■ Task to carry out
Transcribe the entries below with complete accuracy, excluding the pictures.

BEGIN Records supplied

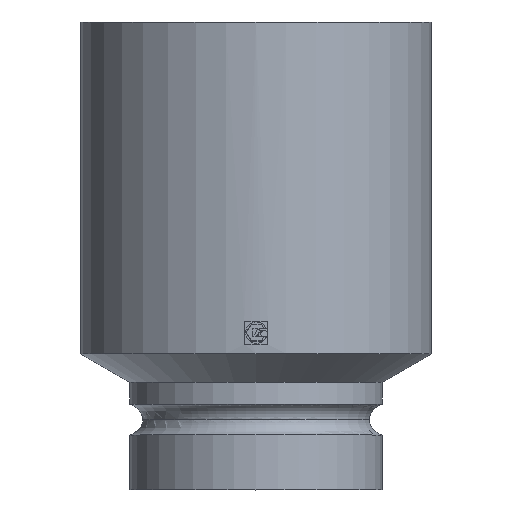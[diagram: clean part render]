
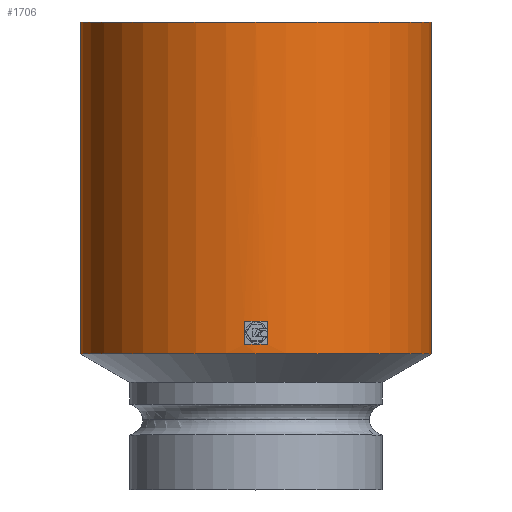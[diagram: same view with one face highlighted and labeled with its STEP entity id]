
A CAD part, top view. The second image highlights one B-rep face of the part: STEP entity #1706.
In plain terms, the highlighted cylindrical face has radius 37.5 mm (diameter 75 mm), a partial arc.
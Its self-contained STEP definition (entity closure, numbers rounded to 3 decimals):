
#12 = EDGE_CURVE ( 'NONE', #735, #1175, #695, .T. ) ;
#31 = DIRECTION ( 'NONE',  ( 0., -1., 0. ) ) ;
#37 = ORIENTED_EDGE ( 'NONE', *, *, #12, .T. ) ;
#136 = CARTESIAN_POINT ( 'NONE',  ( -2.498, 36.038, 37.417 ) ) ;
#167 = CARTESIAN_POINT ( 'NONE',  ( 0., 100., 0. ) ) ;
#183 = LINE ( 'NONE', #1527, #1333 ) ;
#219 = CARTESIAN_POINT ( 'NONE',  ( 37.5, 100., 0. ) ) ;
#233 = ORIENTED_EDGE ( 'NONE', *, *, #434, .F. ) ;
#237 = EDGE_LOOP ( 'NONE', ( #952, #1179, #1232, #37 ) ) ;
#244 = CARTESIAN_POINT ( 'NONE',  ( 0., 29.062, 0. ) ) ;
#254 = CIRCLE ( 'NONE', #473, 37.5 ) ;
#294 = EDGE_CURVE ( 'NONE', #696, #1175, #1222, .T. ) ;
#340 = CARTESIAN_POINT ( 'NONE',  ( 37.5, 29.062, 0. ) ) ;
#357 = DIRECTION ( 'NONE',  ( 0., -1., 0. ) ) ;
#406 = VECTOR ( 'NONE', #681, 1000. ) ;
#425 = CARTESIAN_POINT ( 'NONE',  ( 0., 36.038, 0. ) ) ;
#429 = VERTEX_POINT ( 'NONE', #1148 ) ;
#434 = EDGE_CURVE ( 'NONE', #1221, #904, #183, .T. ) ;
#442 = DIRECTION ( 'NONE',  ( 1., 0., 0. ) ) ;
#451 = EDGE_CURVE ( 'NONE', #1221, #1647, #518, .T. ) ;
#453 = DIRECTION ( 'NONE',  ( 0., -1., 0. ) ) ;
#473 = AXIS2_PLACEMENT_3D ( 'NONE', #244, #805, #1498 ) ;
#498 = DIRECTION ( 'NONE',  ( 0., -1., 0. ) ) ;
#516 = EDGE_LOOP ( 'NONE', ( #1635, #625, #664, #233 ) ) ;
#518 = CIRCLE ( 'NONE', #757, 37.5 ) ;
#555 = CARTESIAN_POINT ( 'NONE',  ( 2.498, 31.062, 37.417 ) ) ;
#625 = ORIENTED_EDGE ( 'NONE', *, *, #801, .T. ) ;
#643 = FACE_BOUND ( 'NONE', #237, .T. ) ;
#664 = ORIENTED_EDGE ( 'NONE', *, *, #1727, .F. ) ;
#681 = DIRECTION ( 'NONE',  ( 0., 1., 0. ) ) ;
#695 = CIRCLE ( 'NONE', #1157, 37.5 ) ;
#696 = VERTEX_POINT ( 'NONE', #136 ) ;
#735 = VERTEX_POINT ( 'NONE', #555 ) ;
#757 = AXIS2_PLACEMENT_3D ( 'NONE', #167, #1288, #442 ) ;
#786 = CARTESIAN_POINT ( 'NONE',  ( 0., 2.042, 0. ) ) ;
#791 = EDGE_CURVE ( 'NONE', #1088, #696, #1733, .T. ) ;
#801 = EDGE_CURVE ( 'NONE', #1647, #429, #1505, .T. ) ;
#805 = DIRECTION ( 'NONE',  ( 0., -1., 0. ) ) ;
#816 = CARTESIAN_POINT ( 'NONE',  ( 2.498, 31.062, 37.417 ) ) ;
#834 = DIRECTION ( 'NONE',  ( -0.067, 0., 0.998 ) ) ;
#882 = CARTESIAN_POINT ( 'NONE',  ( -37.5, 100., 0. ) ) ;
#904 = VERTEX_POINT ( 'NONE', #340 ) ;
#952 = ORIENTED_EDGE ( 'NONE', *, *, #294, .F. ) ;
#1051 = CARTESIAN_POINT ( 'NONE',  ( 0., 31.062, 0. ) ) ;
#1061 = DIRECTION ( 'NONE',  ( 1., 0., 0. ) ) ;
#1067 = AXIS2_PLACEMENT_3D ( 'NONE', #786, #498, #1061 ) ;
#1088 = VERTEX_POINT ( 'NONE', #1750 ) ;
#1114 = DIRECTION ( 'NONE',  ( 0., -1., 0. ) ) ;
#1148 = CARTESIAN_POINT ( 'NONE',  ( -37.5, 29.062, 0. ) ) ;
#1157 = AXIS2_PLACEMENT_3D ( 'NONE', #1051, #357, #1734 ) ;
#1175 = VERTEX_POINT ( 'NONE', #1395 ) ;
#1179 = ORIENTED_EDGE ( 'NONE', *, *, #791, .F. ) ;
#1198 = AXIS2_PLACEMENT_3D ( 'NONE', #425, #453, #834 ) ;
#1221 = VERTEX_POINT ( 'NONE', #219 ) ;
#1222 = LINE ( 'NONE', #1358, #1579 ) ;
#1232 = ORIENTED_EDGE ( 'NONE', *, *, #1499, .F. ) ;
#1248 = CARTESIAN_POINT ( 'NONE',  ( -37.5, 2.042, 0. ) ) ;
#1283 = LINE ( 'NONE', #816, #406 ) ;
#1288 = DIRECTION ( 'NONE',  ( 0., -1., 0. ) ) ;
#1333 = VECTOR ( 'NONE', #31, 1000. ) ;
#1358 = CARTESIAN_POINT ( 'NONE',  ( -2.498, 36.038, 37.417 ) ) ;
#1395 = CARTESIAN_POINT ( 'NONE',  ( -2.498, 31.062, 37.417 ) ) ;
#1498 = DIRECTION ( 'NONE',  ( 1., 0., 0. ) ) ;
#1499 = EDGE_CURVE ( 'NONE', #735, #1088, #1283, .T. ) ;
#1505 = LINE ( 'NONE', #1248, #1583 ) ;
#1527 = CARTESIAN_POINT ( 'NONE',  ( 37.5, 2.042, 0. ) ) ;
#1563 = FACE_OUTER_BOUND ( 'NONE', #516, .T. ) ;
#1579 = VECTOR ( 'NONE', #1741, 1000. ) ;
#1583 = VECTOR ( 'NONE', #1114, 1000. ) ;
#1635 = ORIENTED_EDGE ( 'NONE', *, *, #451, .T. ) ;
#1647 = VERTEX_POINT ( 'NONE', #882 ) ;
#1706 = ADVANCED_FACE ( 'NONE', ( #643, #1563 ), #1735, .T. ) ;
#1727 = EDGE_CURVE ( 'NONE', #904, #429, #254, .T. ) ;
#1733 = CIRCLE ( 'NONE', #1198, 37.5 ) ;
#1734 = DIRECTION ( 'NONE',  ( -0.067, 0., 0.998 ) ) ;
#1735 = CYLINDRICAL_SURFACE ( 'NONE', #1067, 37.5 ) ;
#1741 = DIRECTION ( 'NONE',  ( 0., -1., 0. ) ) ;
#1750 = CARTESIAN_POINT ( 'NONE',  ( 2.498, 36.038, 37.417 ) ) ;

END Records supplied

■ Worked solution
[diagram: clean part render]
[diagram: same view with one face highlighted and labeled with its STEP entity id]
A CAD part, top view. The second image highlights one B-rep face of the part: STEP entity #1706.
In plain terms, the highlighted cylindrical face has radius 37.5 mm (diameter 75 mm), a partial arc.
Its self-contained STEP definition (entity closure, numbers rounded to 3 decimals):
#12 = EDGE_CURVE ( 'NONE', #735, #1175, #695, .T. ) ;
#31 = DIRECTION ( 'NONE',  ( 0., -1., 0. ) ) ;
#37 = ORIENTED_EDGE ( 'NONE', *, *, #12, .T. ) ;
#136 = CARTESIAN_POINT ( 'NONE',  ( -2.498, 36.038, 37.417 ) ) ;
#167 = CARTESIAN_POINT ( 'NONE',  ( 0., 100., 0. ) ) ;
#183 = LINE ( 'NONE', #1527, #1333 ) ;
#219 = CARTESIAN_POINT ( 'NONE',  ( 37.5, 100., 0. ) ) ;
#233 = ORIENTED_EDGE ( 'NONE', *, *, #434, .F. ) ;
#237 = EDGE_LOOP ( 'NONE', ( #952, #1179, #1232, #37 ) ) ;
#244 = CARTESIAN_POINT ( 'NONE',  ( 0., 29.062, 0. ) ) ;
#254 = CIRCLE ( 'NONE', #473, 37.5 ) ;
#294 = EDGE_CURVE ( 'NONE', #696, #1175, #1222, .T. ) ;
#340 = CARTESIAN_POINT ( 'NONE',  ( 37.5, 29.062, 0. ) ) ;
#357 = DIRECTION ( 'NONE',  ( 0., -1., 0. ) ) ;
#406 = VECTOR ( 'NONE', #681, 1000. ) ;
#425 = CARTESIAN_POINT ( 'NONE',  ( 0., 36.038, 0. ) ) ;
#429 = VERTEX_POINT ( 'NONE', #1148 ) ;
#434 = EDGE_CURVE ( 'NONE', #1221, #904, #183, .T. ) ;
#442 = DIRECTION ( 'NONE',  ( 1., 0., 0. ) ) ;
#451 = EDGE_CURVE ( 'NONE', #1221, #1647, #518, .T. ) ;
#453 = DIRECTION ( 'NONE',  ( 0., -1., 0. ) ) ;
#473 = AXIS2_PLACEMENT_3D ( 'NONE', #244, #805, #1498 ) ;
#498 = DIRECTION ( 'NONE',  ( 0., -1., 0. ) ) ;
#516 = EDGE_LOOP ( 'NONE', ( #1635, #625, #664, #233 ) ) ;
#518 = CIRCLE ( 'NONE', #757, 37.5 ) ;
#555 = CARTESIAN_POINT ( 'NONE',  ( 2.498, 31.062, 37.417 ) ) ;
#625 = ORIENTED_EDGE ( 'NONE', *, *, #801, .T. ) ;
#643 = FACE_BOUND ( 'NONE', #237, .T. ) ;
#664 = ORIENTED_EDGE ( 'NONE', *, *, #1727, .F. ) ;
#681 = DIRECTION ( 'NONE',  ( 0., 1., 0. ) ) ;
#695 = CIRCLE ( 'NONE', #1157, 37.5 ) ;
#696 = VERTEX_POINT ( 'NONE', #136 ) ;
#735 = VERTEX_POINT ( 'NONE', #555 ) ;
#757 = AXIS2_PLACEMENT_3D ( 'NONE', #167, #1288, #442 ) ;
#786 = CARTESIAN_POINT ( 'NONE',  ( 0., 2.042, 0. ) ) ;
#791 = EDGE_CURVE ( 'NONE', #1088, #696, #1733, .T. ) ;
#801 = EDGE_CURVE ( 'NONE', #1647, #429, #1505, .T. ) ;
#805 = DIRECTION ( 'NONE',  ( 0., -1., 0. ) ) ;
#816 = CARTESIAN_POINT ( 'NONE',  ( 2.498, 31.062, 37.417 ) ) ;
#834 = DIRECTION ( 'NONE',  ( -0.067, 0., 0.998 ) ) ;
#882 = CARTESIAN_POINT ( 'NONE',  ( -37.5, 100., 0. ) ) ;
#904 = VERTEX_POINT ( 'NONE', #340 ) ;
#952 = ORIENTED_EDGE ( 'NONE', *, *, #294, .F. ) ;
#1051 = CARTESIAN_POINT ( 'NONE',  ( 0., 31.062, 0. ) ) ;
#1061 = DIRECTION ( 'NONE',  ( 1., 0., 0. ) ) ;
#1067 = AXIS2_PLACEMENT_3D ( 'NONE', #786, #498, #1061 ) ;
#1088 = VERTEX_POINT ( 'NONE', #1750 ) ;
#1114 = DIRECTION ( 'NONE',  ( 0., -1., 0. ) ) ;
#1148 = CARTESIAN_POINT ( 'NONE',  ( -37.5, 29.062, 0. ) ) ;
#1157 = AXIS2_PLACEMENT_3D ( 'NONE', #1051, #357, #1734 ) ;
#1175 = VERTEX_POINT ( 'NONE', #1395 ) ;
#1179 = ORIENTED_EDGE ( 'NONE', *, *, #791, .F. ) ;
#1198 = AXIS2_PLACEMENT_3D ( 'NONE', #425, #453, #834 ) ;
#1221 = VERTEX_POINT ( 'NONE', #219 ) ;
#1222 = LINE ( 'NONE', #1358, #1579 ) ;
#1232 = ORIENTED_EDGE ( 'NONE', *, *, #1499, .F. ) ;
#1248 = CARTESIAN_POINT ( 'NONE',  ( -37.5, 2.042, 0. ) ) ;
#1283 = LINE ( 'NONE', #816, #406 ) ;
#1288 = DIRECTION ( 'NONE',  ( 0., -1., 0. ) ) ;
#1333 = VECTOR ( 'NONE', #31, 1000. ) ;
#1358 = CARTESIAN_POINT ( 'NONE',  ( -2.498, 36.038, 37.417 ) ) ;
#1395 = CARTESIAN_POINT ( 'NONE',  ( -2.498, 31.062, 37.417 ) ) ;
#1498 = DIRECTION ( 'NONE',  ( 1., 0., 0. ) ) ;
#1499 = EDGE_CURVE ( 'NONE', #735, #1088, #1283, .T. ) ;
#1505 = LINE ( 'NONE', #1248, #1583 ) ;
#1527 = CARTESIAN_POINT ( 'NONE',  ( 37.5, 2.042, 0. ) ) ;
#1563 = FACE_OUTER_BOUND ( 'NONE', #516, .T. ) ;
#1579 = VECTOR ( 'NONE', #1741, 1000. ) ;
#1583 = VECTOR ( 'NONE', #1114, 1000. ) ;
#1635 = ORIENTED_EDGE ( 'NONE', *, *, #451, .T. ) ;
#1647 = VERTEX_POINT ( 'NONE', #882 ) ;
#1706 = ADVANCED_FACE ( 'NONE', ( #643, #1563 ), #1735, .T. ) ;
#1727 = EDGE_CURVE ( 'NONE', #904, #429, #254, .T. ) ;
#1733 = CIRCLE ( 'NONE', #1198, 37.5 ) ;
#1734 = DIRECTION ( 'NONE',  ( -0.067, 0., 0.998 ) ) ;
#1735 = CYLINDRICAL_SURFACE ( 'NONE', #1067, 37.5 ) ;
#1741 = DIRECTION ( 'NONE',  ( 0., -1., 0. ) ) ;
#1750 = CARTESIAN_POINT ( 'NONE',  ( 2.498, 36.038, 37.417 ) ) ;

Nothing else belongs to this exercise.